In a clinical study investigating the abuse potential of lemborexant,
HHS concluded that lemborexant produced subjective responses that were
similar to those for the schedule IV sedative suvorexant.
[[Page 19389]]
2. Scientific Evidence of Its Pharmacological Effects, if Known
According to HHS, lemborexant primarily acts as a dual orexin
receptor antagonist and does not bind with any other CNS receptors that
are typically associated with abuse, such as opioid or cannabinoid
receptors, GABAergic, and other ion channels. According to HHS, general
behavioral studies in animals indicate that acute oral administration
of lemborexant using supratherapeutic doses (100, 300, and 1000 mg/kg),
produced no overt behavioral changes in hindlimb foot splay, forelimb
grip strength, hindlimb grip strength, and rectal temperature in cage-
side, hand-held, and open-field using functional observational methods.

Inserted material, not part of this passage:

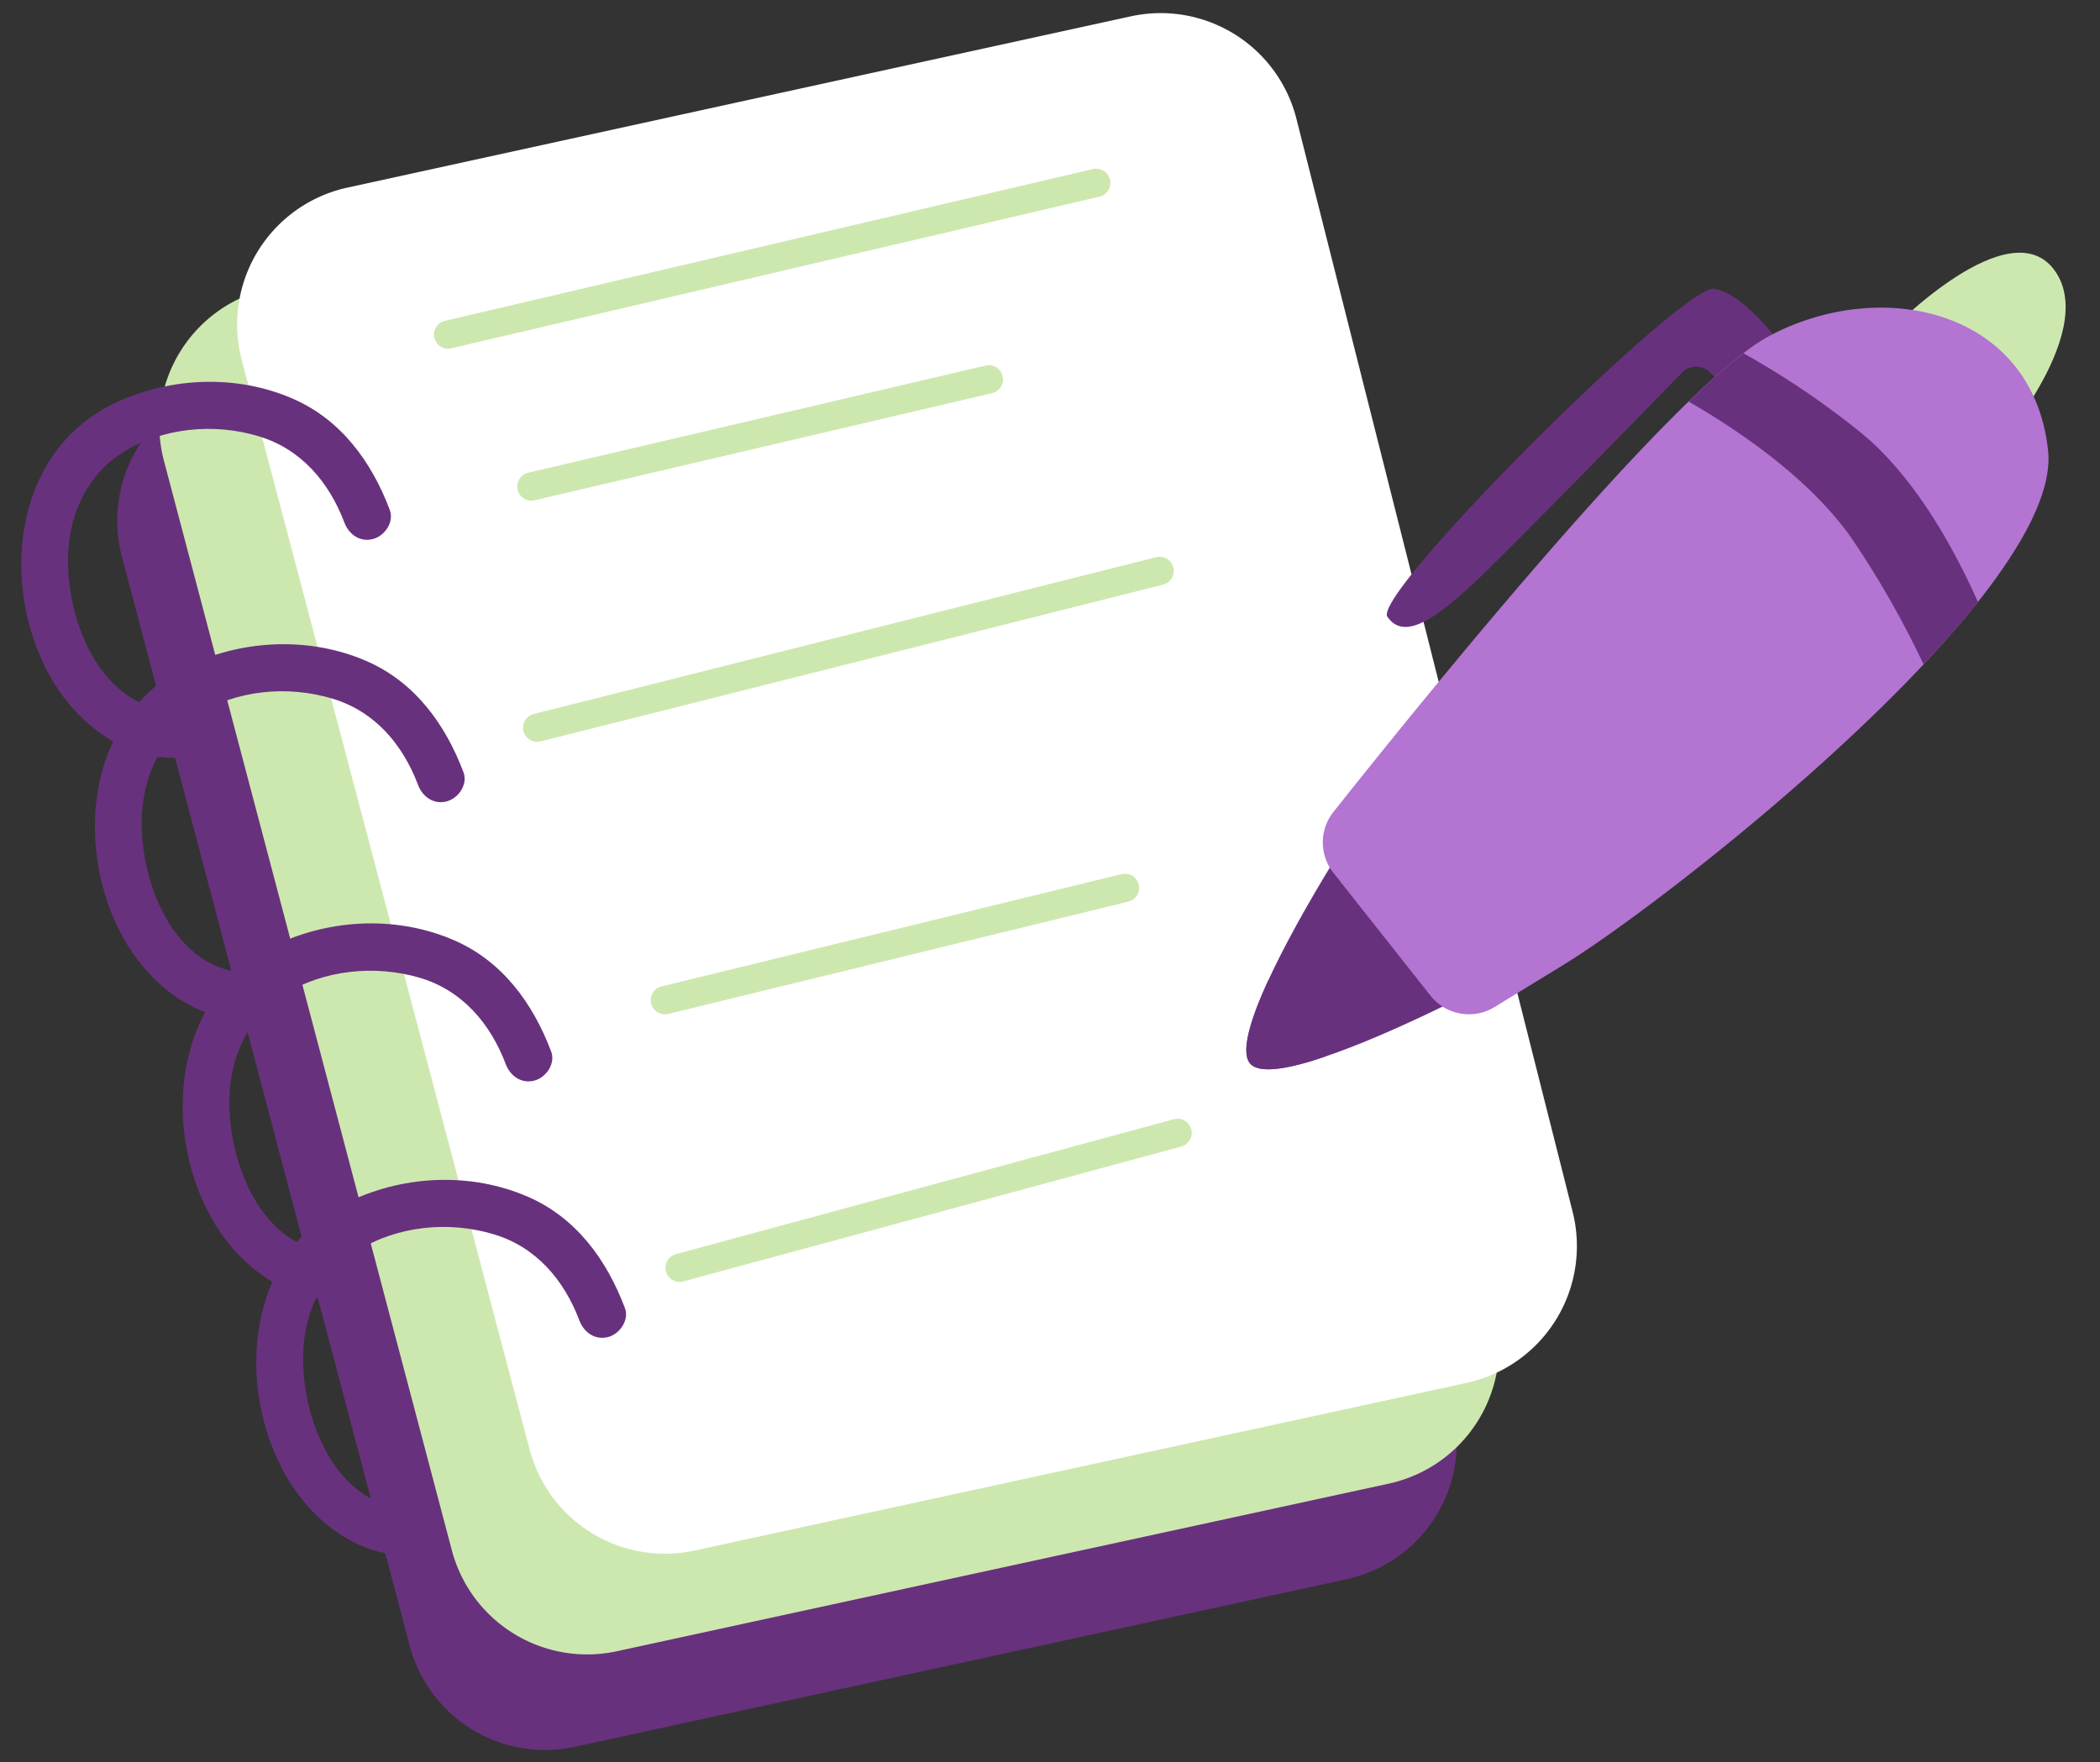 <?xml version="1.0" encoding="UTF-8" standalone="no"?><svg xmlns="http://www.w3.org/2000/svg" xmlns:xlink="http://www.w3.org/1999/xlink" fill="#000000" height="431.1" preserveAspectRatio="xMidYMid meet" version="1" viewBox="-5.2 -3.2 513.6 431.1" width="513.6" zoomAndPan="magnify"><rect x="-5.2" y="-3.2" width="513.6" height="431.1" fill="#333333" stroke="none"/><g data-name="Layer 2"><g id="change1_1"><path d="M50.4,90.72,242,48.81a34.25,34.25,0,0,1,40.51,25.07l67.55,267.36a34.25,34.25,0,0,1-25.93,41.86l-188.79,41A34.24,34.24,0,0,1,95,399.36L24.61,132.92A34.24,34.24,0,0,1,50.4,90.72Z" fill="#68317d"/></g><g id="change2_1"><path d="M60.7,67.35,252.32,25.44a34.25,34.25,0,0,1,40.52,25.07l67.55,267.36a34.24,34.24,0,0,1-25.94,41.85l-188.78,41A34.24,34.24,0,0,1,105.3,376L34.9,109.54A34.24,34.24,0,0,1,60.7,67.35Z" fill="#cde8af"/></g><g id="change3_1"><path d="M79.73,42.7,271.35.8a34.24,34.24,0,0,1,40.52,25.06l67.55,267.37a34.24,34.24,0,0,1-25.94,41.85l-188.78,41a34.22,34.22,0,0,1-40.37-24.72L53.93,84.9A34.26,34.26,0,0,1,79.73,42.7Z" fill="#ffffff"/></g><g id="change2_2"><path d="M104.37,82.12a3.47,3.47,0,0,1-.78-6.84L262.26,38.12a3.47,3.47,0,0,1,1.58,6.75L105.17,82A3.63,3.63,0,0,1,104.37,82.12Z" fill="#cde8af"/></g><g id="change2_3"><path d="M124.72,119.28a3.47,3.47,0,0,1-.78-6.84L236,86.19a3.47,3.47,0,0,1,1.58,6.75L125.52,119.19A3.63,3.63,0,0,1,124.72,119.28Z" fill="#cde8af"/></g><g id="change2_4"><path d="M126.2,178.26a3.46,3.46,0,0,1-.84-6.82L277.54,133.1a3.46,3.46,0,0,1,1.69,6.72L127.05,178.15A3.15,3.15,0,0,1,126.2,178.26Z" fill="#cde8af"/></g><g id="change2_5"><path d="M157.46,244.91a3.46,3.46,0,0,1-.82-6.83L269,210.65a3.47,3.47,0,1,1,1.64,6.74L158.29,244.81A3.42,3.42,0,0,1,157.46,244.91Z" fill="#cde8af"/></g><g id="change2_6"><path d="M161,310.39a3.47,3.47,0,0,1-.9-6.81l121.8-33a3.46,3.46,0,1,1,1.81,6.68l-121.8,33A3.18,3.18,0,0,1,161,310.39Z" fill="#cde8af"/></g><g id="change1_2"><path d="M39.19,170.53c-20.32,1.16-29.44-24.39-27.51-41.08,1-8.78,5.44-17.17,13.07-21.93,9.79-6.11,22.35-7.32,33.32-4,10.35,3.09,17.22,11.23,20.95,21.1,1.1,2.92,3.89,4.92,7.1,4,2.8-.77,5.14-4.17,4-7.11-4.44-11.77-11.94-22.09-23.77-27.21-13.63-5.9-29.59-5.29-43,.88C-1.21,106.48-5.23,137.61,5.86,160c6.29,12.69,18.53,23,33.33,22.13,7.39-.43,7.44-12,0-11.55Z" fill="#68317d"/></g><g id="change1_3"><path d="M57.22,234.71c-20.32,1.16-29.45-24.39-27.51-41.08,1-8.78,5.44-17.16,13.07-21.93,9.79-6.11,22.35-7.32,33.32-4,10.35,3.09,17.22,11.23,20.94,21.1,1.1,2.92,3.9,4.92,7.11,4,2.8-.77,5.14-4.17,4-7.11-4.44-11.77-11.94-22.09-23.77-27.21-13.63-5.89-29.6-5.29-43,.88-24.59,11.31-28.6,42.44-17.52,64.78,6.3,12.7,18.54,23,33.34,22.13,7.39-.42,7.44-12,0-11.55Z" fill="#68317d"/></g><g id="change1_4"><path d="M78.66,303.09C58.34,304.25,49.22,278.7,51.15,262c1-8.78,5.44-17.17,13.08-21.93C74,234,86.57,232.76,97.54,236c10.35,3.09,17.22,11.23,20.95,21.1,1.1,2.92,3.9,4.92,7.1,4,2.8-.77,5.14-4.17,4-7.11-4.45-11.77-11.94-22.09-23.78-27.21-13.63-5.9-29.59-5.29-43,.88C38.26,239,34.24,270.17,45.33,292.51c6.29,12.69,18.53,23,33.33,22.13,7.39-.42,7.44-12,0-11.55Z" fill="#68317d"/></g><g id="change1_5"><path d="M96.69,365.74c-20.32,1.17-29.45-24.39-27.51-41.07,1-8.79,5.44-17.17,13.07-21.94,9.79-6.11,22.35-7.31,33.32-4,10.35,3.09,17.22,11.22,20.94,21.1,1.1,2.92,3.9,4.91,7.11,4,2.8-.77,5.14-4.17,4-7.1-4.44-11.77-11.94-22.1-23.77-27.21-13.63-5.9-29.6-5.3-43,.88-24.59,11.31-28.6,42.44-17.52,64.78,6.3,12.69,18.54,23,33.34,22.12,7.39-.42,7.44-12,0-11.55Z" fill="#68317d"/></g><g id="change2_7"><path d="M457.07,77.75s29.35-30.27,40.33-14.66S481,108.79,481,108.79Z" fill="#cde8af"/></g><g id="change1_6"><path d="M431.15,82.12s-9.44-13.5-17.1-14.68-83.76,74.62-79.93,80.22,10.95,1.33,21.33-8.4c8.64-8.11,40.39-40.69,50.74-51.33a4.78,4.78,0,0,1,6.72-.12l5.56,5.29Z" fill="#68317d"/></g><g id="change1_7"><path d="M355.45,239.09S335.12,249.77,319,255.22c-8.71,3-16.15,4.39-18.44,1.75-2.47-2.84.19-11.13,4.41-20.33,6.91-15,18-32.36,18-32.36Z" fill="#68317d"/></g><g id="change4_1"><path d="M478.54,144.05c-4,5-8.44,10.12-13.29,15.27-29.48,31.37-71.94,63.6-87.95,73.42l-17,10.42a12,12,0,0,1-15.64-2.8l-23.77-30.08a12,12,0,0,1,0-14.83C336.34,176,379,122.89,407.8,95a156.17,156.17,0,0,1,13.4-11.81A48.17,48.17,0,0,1,427.48,79C455,64.32,492,72.57,495.7,107,496.76,116.81,489.74,129.93,478.54,144.05Z" fill="#b374d2"/></g><g id="change1_8"><path d="M319,255.22c-8.71,3-16.15,4.39-18.44,1.75-2.47-2.84.19-11.13,4.41-20.33A107.83,107.83,0,0,0,319,255.22Z" fill="#68317d"/></g><g id="change1_9"><path d="M478.54,144.05c-4,5-8.44,10.12-13.29,15.27a229.11,229.11,0,0,0-16.4-29.06c-9.66-14.9-27.08-27.15-41.05-35.23a156.17,156.17,0,0,1,13.4-11.81A202.63,202.63,0,0,1,450,102.7C463.29,113.58,472.94,131.46,478.54,144.05Z" fill="#68317d"/></g></g></svg>

Additionally, lemborexant, even at supratherapeutic doses, does not
significantly impair motor coordination. In drug discrimination
studies, which are used to predict subjective effects in humans,
lemborexant and suvorexant (a schedule IV substance which is another
known dual orexin receptor antagonist) did not fully mimic stimulus
effects of zolpidem, a schedule IV sedative. In a self-administration
study in rhesus monkeys, the rewarding effects of lemborexant were
insufficient to produce reinforcement.
According to HHS, in a human abuse potential (HAP) study conducted
by the Sponsor, lemborexant (at therapeutic and supratherapeutic doses)
produced statistically significant increases on positive subjective
measures in the bipolar visual analog scale (VAS) (i.e., Drug Liking,
Overall Drug Liking, Good Effects, High, Stoned, and Take Drug Again)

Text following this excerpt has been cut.